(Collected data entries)
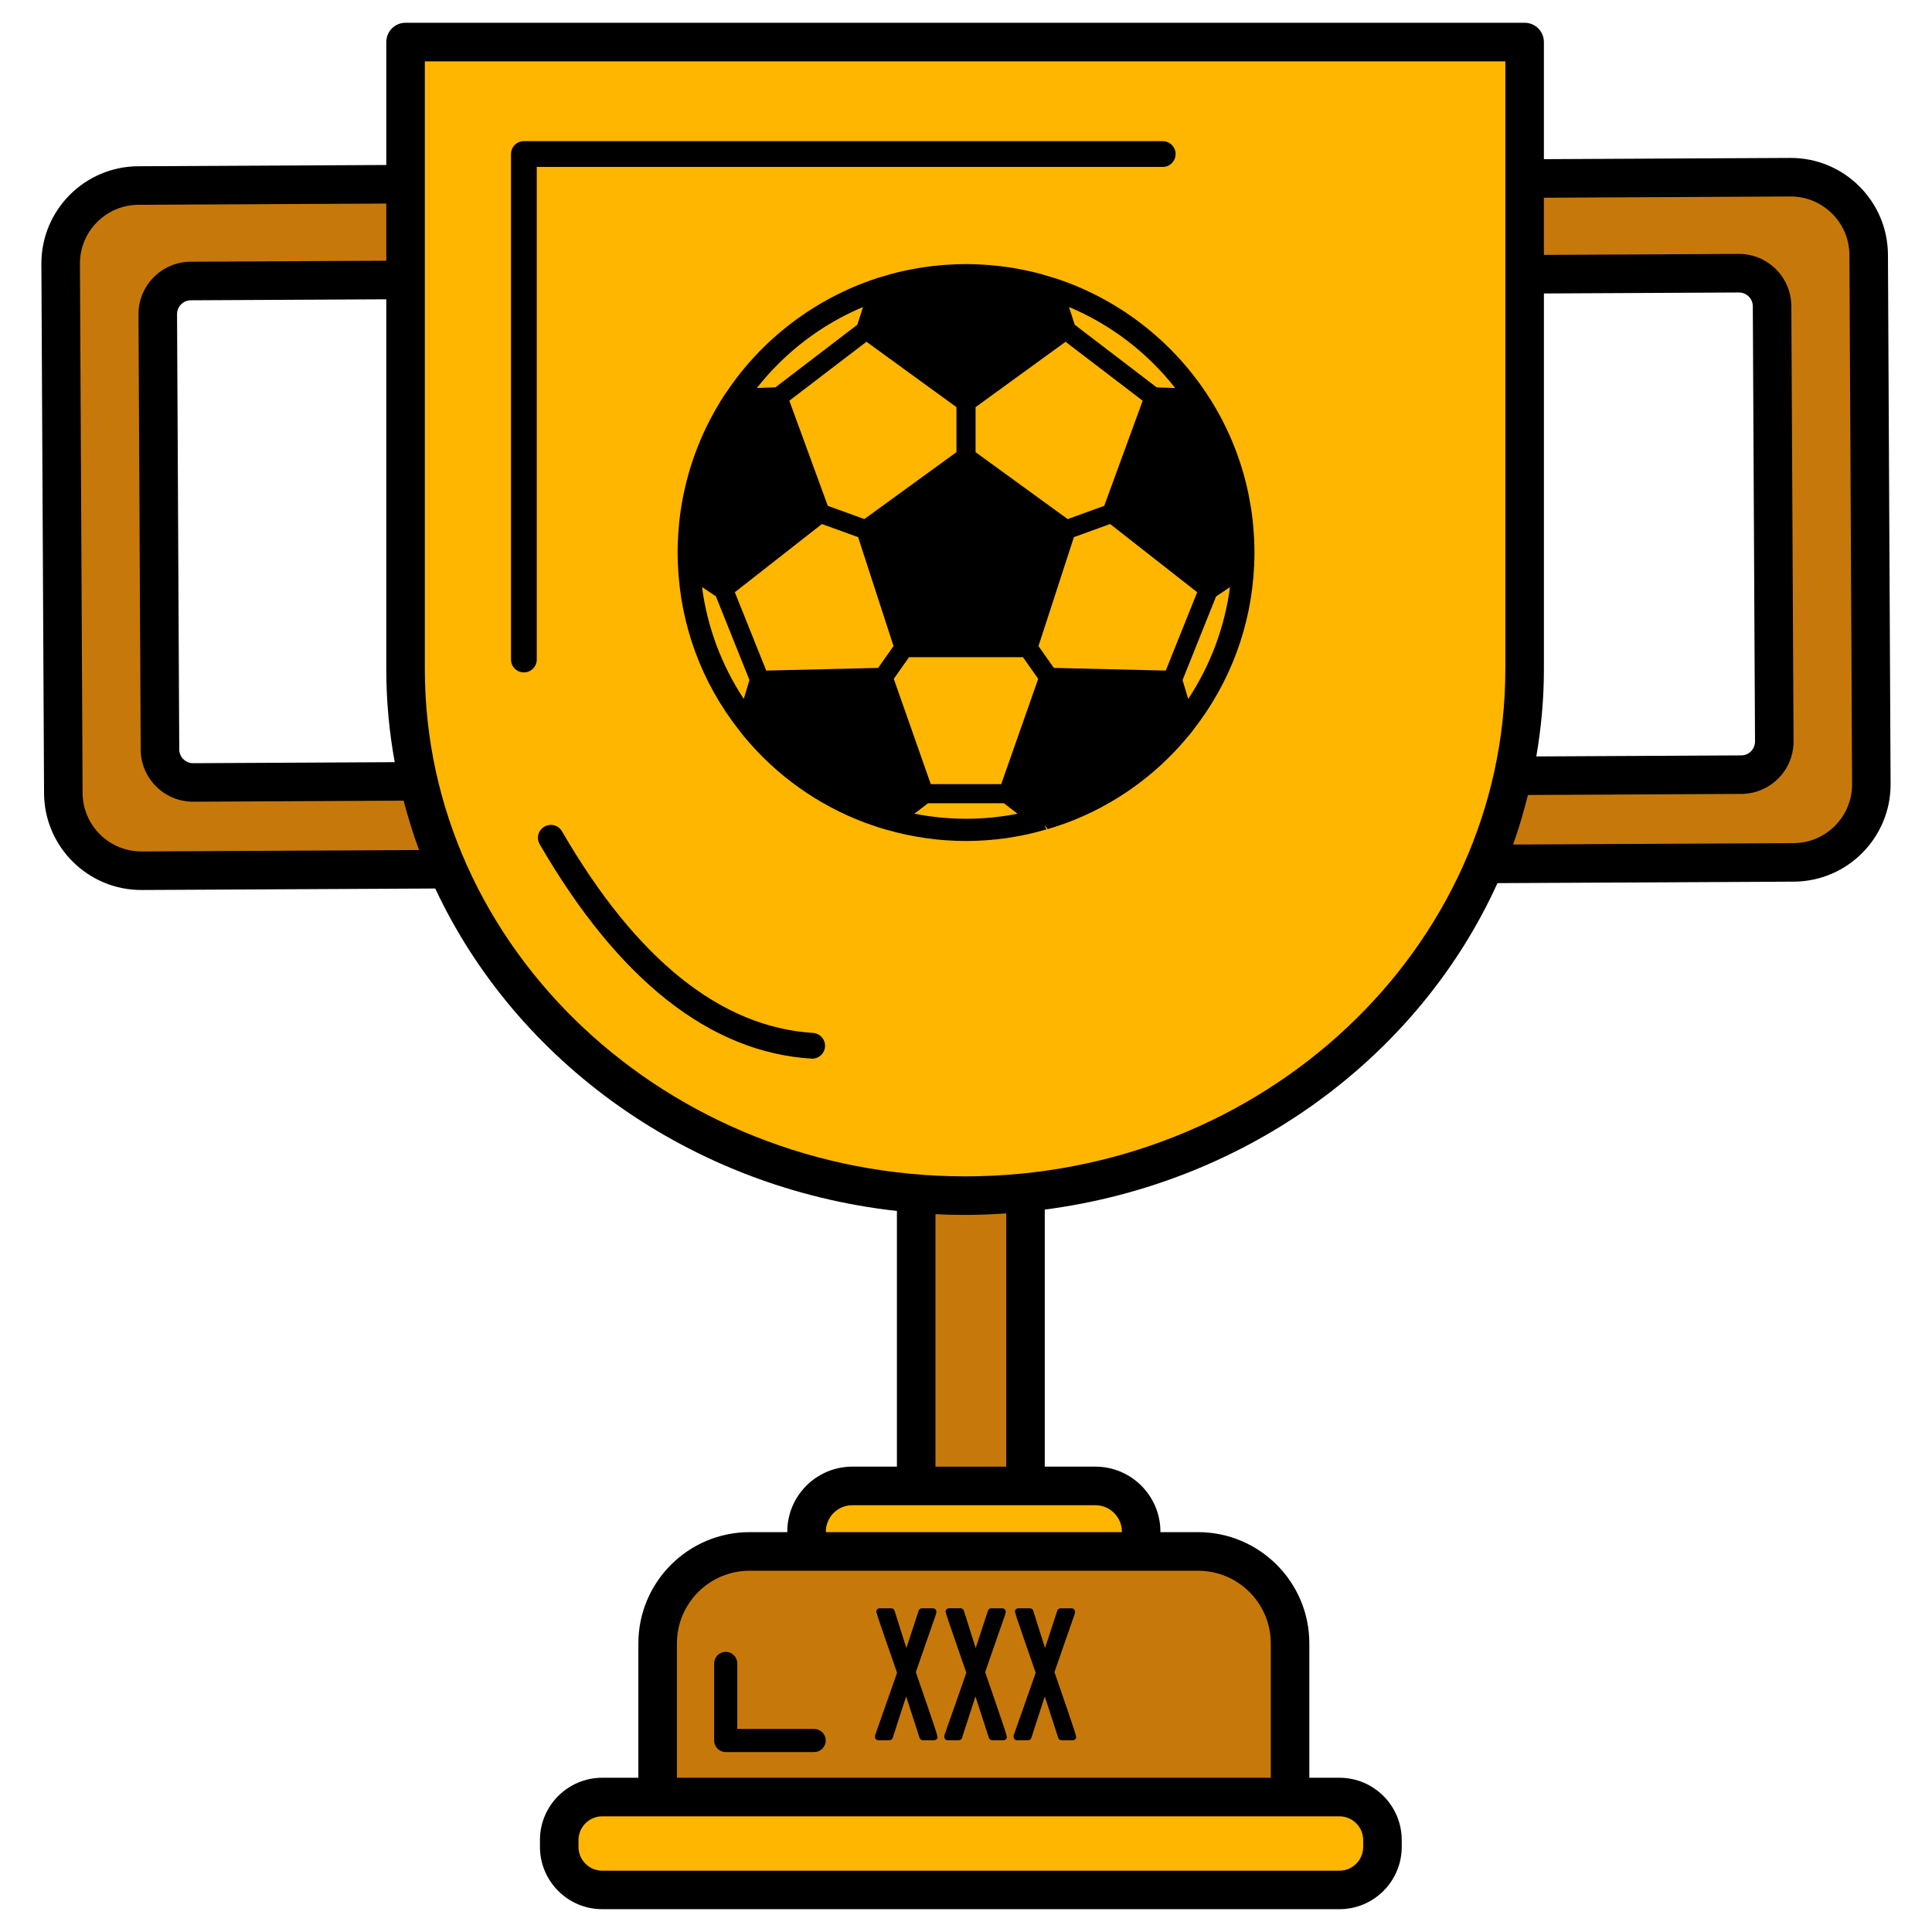 <?xml version="1.0" encoding="utf-8"?>
<!-- Generator: Adobe Illustrator 22.1.0, SVG Export Plug-In . SVG Version: 6.00 Build 0)  -->
<svg version="1.1" xmlns="http://www.w3.org/2000/svg" xmlns:xlink="http://www.w3.org/1999/xlink" x="0px" y="0px"
	 viewBox="22.366 337.079 100 100" enable-background="new 22.366 337.079 100 100" xml:space="preserve">
<g id="background">
	<g>
		<path fill="#C6790A" d="M83.975,417.382h-8.935v-22.289h-5.658v22.289h-8.623c-2.628,0-4.759,2.131-4.759,4.759v8.002
			c0,2.628,2.131,4.759,4.759,4.759h23.217c2.628,0,4.759-2.131,4.759-4.759v-8.002C88.733,419.512,86.603,417.382,83.975,417.382z"
			/>
		<path fill="#C6790A" d="M114.716,346.466H92.838c-2.229,0-4.036,1.807-4.036,4.036v27.395c0,2.229,1.807,4.036,4.036,4.036h21.878
			c2.229,0,4.036-1.807,4.036-4.036v-27.395C118.752,348.273,116.945,346.466,114.716,346.466z M113.739,375.664
			c0,0.946-0.767,1.713-1.713,1.713H96.06c-0.946,0-1.713-0.767-1.713-1.713v-22.528c0-0.946,0.767-1.713,1.713-1.713h15.966
			c0.946,0,1.713,0.767,1.713,1.713V375.664z"/>
		<path fill="#C6790A" d="M25.168,350.502v27.395c0,2.229,1.807,4.036,4.036,4.036h21.878c2.229,0,4.036-1.807,4.036-4.036v-27.395
			c0-2.229-1.807-4.036-4.036-4.036H29.204C26.975,346.466,25.168,348.273,25.168,350.502z M30.181,353.135
			c0-0.946,0.767-1.713,1.713-1.713H47.86c0.946,0,1.713,0.767,1.713,1.713v22.528c0,0.946-0.767,1.713-1.713,1.713H31.895
			c-0.946,0-1.713-0.767-1.713-1.713V353.135z"/>
	</g>
</g>
<g id="pattern-1_1_">
	<g>
		<path fill="#FFB600" d="M80.649,417.631c0.236-0.368,0.377-0.803,0.377-1.273c0-1.307-1.06-2.367-2.367-2.367H66.074
			c-1.307,0-2.367,1.06-2.367,2.367c0,0.47,0.141,0.905,0.377,1.273H80.649z"/>
		<path fill="#FFB600" d="M91.331,434.901H53.09c-1.207,0-2.185-0.978-2.185-2.185v-0.437c0-1.207,0.978-2.185,2.185-2.185h38.241
			c1.207,0,2.185,0.978,2.185,2.185v0.437C93.515,433.923,92.537,434.901,91.331,434.901z"/>
		<path fill="#FFB600" d="M42.951,339.256v32.46c0,15.049,12.966,27.249,28.961,27.249l0,0c15.995,0,28.961-12.2,28.961-27.249
			v-32.46H42.951z"/>
	</g>
</g>
<g id="pattern-2_1_">
	<g>
		<path d="M120.086,350.261c-0.014-2.776-2.284-5.022-5.059-5.008l-12.749,0.064v-6.062c0-0.552-0.447-0.998-0.998-0.998H43.358
			c-0.551,0-0.998,0.446-0.998,0.998v6.364l-12.844,0.065c-2.776,0.014-5.022,2.283-5.008,5.059l0.138,27.394
			c0.014,2.776,2.284,5.022,5.059,5.008l15.19-0.077c4.192,8.967,13.186,15.5,23.895,16.691v13.233h-2.309
			c-1.856,0-3.365,1.509-3.365,3.366c0,0.009,0.002,0.017,0.003,0.025h-1.954c-3.174,0-5.757,2.582-5.757,5.757v6.955h-1.871
			c-1.777,0-3.223,1.446-3.223,3.223v0.357c0,1.777,1.446,3.223,3.223,3.223h38.159c1.777,0,3.223-1.446,3.223-3.223v-0.357
			c0-1.777-1.446-3.223-3.223-3.223h-1.559v-6.955c0-3.175-2.583-5.757-5.757-5.757h-1.954c0-0.009,0.003-0.017,0.003-0.025
			c0-1.856-1.509-3.366-3.365-3.366h-2.621v-13.305c10.557-1.377,19.374-7.954,23.432-16.897l15.34-0.077
			c2.776-0.014,5.022-2.283,5.008-5.059L120.086,350.261z M102.278,352.269l10.094-0.051c0.394-0.002,0.717,0.318,0.719,0.713
			l0.114,22.528c0.002,0.395-0.317,0.717-0.712,0.719l-10.608,0.054c0.254-1.471,0.393-2.977,0.393-4.515V352.269z M42.798,376.529
			l-10.435,0.053c-0.395,0.002-0.717-0.317-0.719-0.712l-0.114-22.528c-0.002-0.395,0.317-0.718,0.712-0.72l10.118-0.051v19.145
			C42.36,373.357,42.511,374.964,42.798,376.529z M29.695,381.15c-1.675,0.008-3.045-1.348-3.053-3.023l-0.138-27.394
			c-0.008-1.675,1.347-3.045,3.023-3.053l12.833-0.065v2.96l-10.128,0.051c-1.495,0.008-2.705,1.23-2.698,2.725l0.114,22.528
			c0.008,1.495,1.23,2.705,2.725,2.697l10.884-0.055c0.229,0.867,0.489,1.722,0.801,2.556L29.695,381.15z M91.696,431.092
			c0.677,0,1.228,0.551,1.228,1.228v0.357c0,0.677-0.551,1.228-1.228,1.228H53.537c-0.677,0-1.228-0.551-1.228-1.228v-0.357
			c0-0.677,0.551-1.228,1.228-1.228H91.696z M84.381,418.38c2.074,0,3.761,1.688,3.761,3.761v6.955H57.403v-6.955
			c0-2.074,1.687-3.761,3.761-3.761H84.381z M79.065,414.989c0.755,0,1.37,0.615,1.37,1.37c0,0.009-0.005,0.016-0.005,0.025H65.116
			c0-0.009-0.005-0.016-0.005-0.025c0-0.755,0.614-1.37,1.37-1.37H79.065z M70.785,412.993v-13.067
			c0.508,0.024,1.019,0.037,1.534,0.037c0.717,0,1.425-0.032,2.129-0.079v13.11H70.785z M100.282,371.716
			c0,14.475-12.544,26.251-27.963,26.251s-27.963-11.777-27.963-26.251v-31.462h55.927V371.716z M115.206,380.719l-14.524,0.073
			c0.302-0.836,0.551-1.695,0.77-2.564l11.051-0.056c1.495-0.008,2.705-1.23,2.697-2.724l-0.114-22.528
			c-0.008-1.496-1.23-2.706-2.724-2.698l-10.084,0.051v-2.96l12.76-0.064c1.675-0.008,3.045,1.348,3.054,3.023l0.138,27.394
			C118.237,379.34,116.882,380.71,115.206,380.719z"/>
		<path d="M76.967,351.478l-0.696-0.21c-0.116-0.032-0.232-0.062-0.35-0.091l-0.257-0.06c-0.483-0.109-0.976-0.194-1.461-0.254
			l-0.119-0.015c-0.158-0.019-0.317-0.033-0.474-0.046l-0.164-0.012c-0.161-0.013-0.322-0.023-0.484-0.029l-0.136-0.004
			c-0.304-0.012-0.612-0.012-0.916,0l-0.135,0.004c-0.163,0.006-0.324,0.016-0.481,0.028l-0.166,0.013
			c-0.16,0.013-0.319,0.027-0.478,0.046l-0.117,0.015c-0.488,0.06-0.98,0.146-1.462,0.254l-0.259,0.06
			c-0.117,0.029-0.232,0.059-0.348,0.091l-0.68,0.199l-0.064,0.024c-3.167,1.04-5.931,3.146-7.768,5.91l-0.05,0.061
			c-0.363,0.553-0.695,1.138-0.991,1.752c-0.203,0.422-0.388,0.859-0.551,1.299l-0.033,0.09v0.001
			c-0.069,0.189-0.133,0.38-0.202,0.598l-0.024,0.077c-0.068,0.22-0.131,0.44-0.199,0.708c-0.051,0.199-0.097,0.401-0.139,0.601
			l-0.038,0.183c-0.035,0.176-0.067,0.353-0.105,0.593l-0.014,0.082c-0.033,0.22-0.06,0.439-0.084,0.661l-0.015,0.162
			c-0.017,0.176-0.03,0.353-0.04,0.53l-0.01,0.196c-0.01,0.227-0.017,0.455-0.017,0.683c0,0.225,0.007,0.449,0.017,0.671
			c0.137,3.104,1.225,6.045,3.127,8.477l0.273,0.35c1.679,2.036,3.865,3.592,6.32,4.5l0.275,0.097
			c0.105,0.036,0.21,0.073,0.317,0.108c0.122,0.039,0.246,0.077,0.412,0.127l0.07,0.018c1.345,0.387,2.73,0.583,4.117,0.583
			c1.387,0,2.772-0.196,4.063-0.574l0.094-0.019l-0.095-0.238h0l0.166,0.217c0.125-0.037,0.249-0.075,0.37-0.115
			c0.102-0.032,0.201-0.067,0.314-0.107l0.279-0.097c2.455-0.908,4.641-2.465,6.309-4.49l0.055-0.064
			c0.062-0.074,0.123-0.149,0.213-0.272c1.919-2.458,3.006-5.398,3.144-8.501c0.01-0.222,0.017-0.446,0.017-0.671
			c0-0.228-0.007-0.456-0.017-0.683l-0.011-0.196c-0.01-0.177-0.024-0.354-0.046-0.593l-0.009-0.1
			c-0.024-0.221-0.051-0.44-0.084-0.662l-0.024-0.142c-0.028-0.177-0.06-0.354-0.106-0.588l-0.026-0.125
			c-0.042-0.201-0.088-0.403-0.15-0.646c-0.057-0.224-0.121-0.444-0.189-0.665l-0.033-0.102c-0.06-0.192-0.125-0.383-0.194-0.572
			l-0.032-0.091c-0.162-0.44-0.348-0.877-0.557-1.311c-0.29-0.602-0.622-1.187-1.015-1.775c-1.866-2.803-4.648-4.917-7.834-5.951
			L76.967,351.478z M71.872,358.153v2.329l-4.768,3.464l-1.892-0.686l-1.99-5.441l3.992-3.051L71.872,358.153z M67.038,352.968
			l-0.298,0.919l-4.239,3.24l-0.96,0.035C62.996,355.313,64.88,353.875,67.038,352.968z M60.864,373.255
			c-1.151-1.743-1.891-3.724-2.161-5.789l0.717,0.478l1.737,4.331L60.864,373.255z M67.818,371.65l-5.792,0.138l-1.625-4.055
			l4.506-3.53l1.875,0.679l1.833,5.638L67.818,371.65z M69.696,379.195l0.706-0.541h3.923l0.709,0.542
			C73.266,379.547,71.465,379.544,69.696,379.195z M74.189,377.665h-3.646l-1.915-5.449l0.79-1.122h5.895l0.79,1.122L74.189,377.665
			z M85.309,367.952l0.72-0.484c-0.27,2.064-1.01,4.045-2.161,5.788l-0.293-0.977L85.309,367.952z M84.332,367.733l-1.626,4.055
			l-5.792-0.138l-0.796-1.13l1.833-5.639l1.876-0.679L84.332,367.733z M83.194,357.163l-0.957-0.033l-4.243-3.243l-0.298-0.919
			C79.853,353.875,81.737,355.313,83.194,357.163z M81.511,357.82l-1.99,5.441l-1.892,0.686l-4.768-3.464v-2.329l4.658-3.384
			L81.511,357.82z"/>
		<path d="M49.482,371.883c0.368,0,0.667-0.299,0.667-0.667v-25.497h32.399c0.368,0,0.667-0.299,0.667-0.667
			c0-0.368-0.299-0.667-0.667-0.667H49.482c-0.368,0-0.667,0.299-0.667,0.667v26.164C48.815,371.584,49.114,371.883,49.482,371.883z
			"/>
		<path d="M64.445,390.543c-4.778-0.301-9.148-3.811-12.99-10.434c-0.185-0.32-0.594-0.428-0.912-0.242
			c-0.319,0.184-0.427,0.593-0.242,0.911c4.079,7.033,8.81,10.767,14.061,11.096c0.014,0.002,0.028,0.002,0.042,0.002
			c0.35,0,0.643-0.272,0.666-0.625C65.092,390.883,64.812,390.566,64.445,390.543z"/>
		<path d="M67.829,427.153h0.575c0.076,0,0.144-0.049,0.168-0.122l0.696-2.144l0.696,2.144c0.024,0.073,0.091,0.122,0.168,0.122
			h0.591c0.067,0,0.128-0.038,0.158-0.098c0.041-0.082,0.042-0.082-1.112-3.426l1.055-3.033c0.006-0.019,0.01-0.075,0.01-0.095
			c0-0.097-0.079-0.177-0.176-0.177h-0.575c-0.076,0-0.144,0.049-0.167,0.121l-0.636,1.938l-0.612-1.936
			c-0.023-0.074-0.091-0.124-0.168-0.124h-0.603c-0.081,0-0.152,0.055-0.171,0.134c-0.017,0.067-0.017,0.068,1.072,3.204
			l-1.133,3.224c-0.007,0.019-0.01,0.072-0.01,0.092C67.653,427.073,67.732,427.153,67.829,427.153z"/>
		<path d="M71.417,427.153h0.575c0.077,0,0.144-0.049,0.168-0.122l0.696-2.144l0.696,2.144c0.024,0.073,0.091,0.122,0.168,0.122
			h0.591c0.067,0,0.128-0.038,0.158-0.098c0.041-0.082,0.042-0.082-1.112-3.426l1.055-3.033c0.006-0.019,0.01-0.075,0.01-0.095
			c0-0.097-0.079-0.177-0.176-0.177H73.67c-0.076,0-0.144,0.049-0.167,0.121l-0.636,1.938l-0.612-1.936
			c-0.023-0.074-0.091-0.124-0.168-0.124h-0.604c-0.081,0-0.152,0.055-0.171,0.134c-0.017,0.067-0.017,0.068,1.072,3.204
			l-1.133,3.224c-0.007,0.019-0.01,0.072-0.01,0.092C71.241,427.073,71.319,427.153,71.417,427.153z"/>
		<path d="M75.005,427.153h0.575c0.077,0,0.144-0.049,0.168-0.122l0.696-2.144l0.696,2.144c0.024,0.073,0.091,0.122,0.168,0.122
			h0.591c0.067,0,0.128-0.038,0.158-0.098c0.041-0.082,0.042-0.082-1.112-3.426l1.055-3.033c0.006-0.019,0.01-0.075,0.01-0.095
			c0-0.097-0.079-0.177-0.176-0.177h-0.575c-0.076,0-0.144,0.049-0.167,0.121l-0.635,1.938l-0.612-1.936
			c-0.023-0.074-0.091-0.124-0.168-0.124h-0.604c-0.081,0-0.152,0.055-0.171,0.134c-0.017,0.067-0.017,0.068,1.072,3.204
			l-1.133,3.224c-0.007,0.019-0.01,0.072-0.01,0.092C74.828,427.073,74.907,427.153,75.005,427.153z"/>
		<path d="M60.528,423.177c0-0.33-0.268-0.598-0.599-0.598c-0.331,0-0.599,0.268-0.599,0.598v3.991c0,0.33,0.268,0.598,0.599,0.598
			h4.578c0.331,0,0.599-0.268,0.599-0.598s-0.268-0.598-0.599-0.598h-3.979V423.177z"/>
	</g>
</g>
</svg>

- TASK DESCRIPTION
Go through the entries above and report each line with the string "background" in it.

- EXERCISE RESPONSE
	 viewBox="22.366 337.079 100 100" enable-background="new 22.366 337.079 100 100" xml:space="preserve">
<g id="background">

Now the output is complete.